Marseille, l'"hiver terrible" 1940-1941. Des milliers de fugitifs errent de café en café, de consulat en consulat, dans l'attente du "transit, ce document garni d'un dérisoire ruban", qui, en les autorisant à "traverser un pays s'il est bien établi qu'on ne veut pas y rester", leur permettra d'embarquer vers la liberté. Parmi eux, la romancière allemande Anna Seghers, exilée à Paris depuis 1933 et qui a perdu, dans la tourmente, jusqu'au manuscrit de son dernier roman, la Septième Croix.

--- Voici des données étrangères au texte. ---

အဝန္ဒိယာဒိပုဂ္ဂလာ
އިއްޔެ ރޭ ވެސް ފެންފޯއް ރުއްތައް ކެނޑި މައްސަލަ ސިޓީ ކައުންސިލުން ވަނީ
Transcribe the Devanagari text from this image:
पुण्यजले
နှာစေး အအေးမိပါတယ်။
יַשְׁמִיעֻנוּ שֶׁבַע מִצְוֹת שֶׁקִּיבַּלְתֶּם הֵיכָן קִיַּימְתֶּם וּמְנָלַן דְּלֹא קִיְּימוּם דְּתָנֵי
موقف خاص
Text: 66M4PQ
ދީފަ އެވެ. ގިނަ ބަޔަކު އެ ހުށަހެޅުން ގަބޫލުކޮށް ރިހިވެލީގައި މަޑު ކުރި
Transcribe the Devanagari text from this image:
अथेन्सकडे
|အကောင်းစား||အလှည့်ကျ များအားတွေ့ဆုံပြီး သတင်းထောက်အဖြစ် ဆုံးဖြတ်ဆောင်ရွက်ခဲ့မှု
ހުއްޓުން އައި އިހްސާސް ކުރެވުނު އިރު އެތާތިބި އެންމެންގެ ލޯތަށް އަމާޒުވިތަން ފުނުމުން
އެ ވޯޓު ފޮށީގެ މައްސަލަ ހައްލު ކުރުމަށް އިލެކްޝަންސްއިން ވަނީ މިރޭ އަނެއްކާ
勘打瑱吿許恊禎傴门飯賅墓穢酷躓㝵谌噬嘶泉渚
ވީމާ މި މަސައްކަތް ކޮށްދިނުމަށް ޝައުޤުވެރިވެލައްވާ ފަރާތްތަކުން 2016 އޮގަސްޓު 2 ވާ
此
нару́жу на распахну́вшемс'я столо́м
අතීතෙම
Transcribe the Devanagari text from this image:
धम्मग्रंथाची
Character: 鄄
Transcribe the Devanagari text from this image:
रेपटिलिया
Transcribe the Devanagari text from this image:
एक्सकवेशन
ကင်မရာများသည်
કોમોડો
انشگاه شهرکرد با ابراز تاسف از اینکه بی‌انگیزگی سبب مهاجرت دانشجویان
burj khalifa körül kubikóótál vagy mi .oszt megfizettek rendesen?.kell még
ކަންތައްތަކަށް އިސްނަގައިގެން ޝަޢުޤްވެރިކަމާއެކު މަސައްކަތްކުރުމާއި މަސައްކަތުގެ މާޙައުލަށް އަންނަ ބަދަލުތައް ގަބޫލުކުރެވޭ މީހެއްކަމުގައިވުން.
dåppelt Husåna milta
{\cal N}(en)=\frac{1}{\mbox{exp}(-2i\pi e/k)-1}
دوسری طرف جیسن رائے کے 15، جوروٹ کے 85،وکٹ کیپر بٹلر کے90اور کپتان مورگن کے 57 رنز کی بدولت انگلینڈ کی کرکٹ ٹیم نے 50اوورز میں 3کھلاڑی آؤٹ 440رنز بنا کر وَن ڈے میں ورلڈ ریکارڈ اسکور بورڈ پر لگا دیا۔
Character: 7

Une copie, envoyée à temps à New York, a néanmoins été retrouvée ; le livre deviendra, notamment aux Etats-Unis, l'un des grands succès littéraires de l'après-guerre.

Témoignage hallucinant sur la condition de ces hommes venus des quatre coins de l'Europe - artistes allemands "dégénérés", juifs, déserteurs, anciens combattants de la guerre d'Espagne..., - pour se retrouver, acculés à la Méditerranée et aux prises avec une bureaucratie monstrueuse, tandis que s'approche la mort, avec son drapeau à croix gammée, Transit se présente sous la forme d'un roman, le plus fascinant qu'ait écrit Anna Seghers.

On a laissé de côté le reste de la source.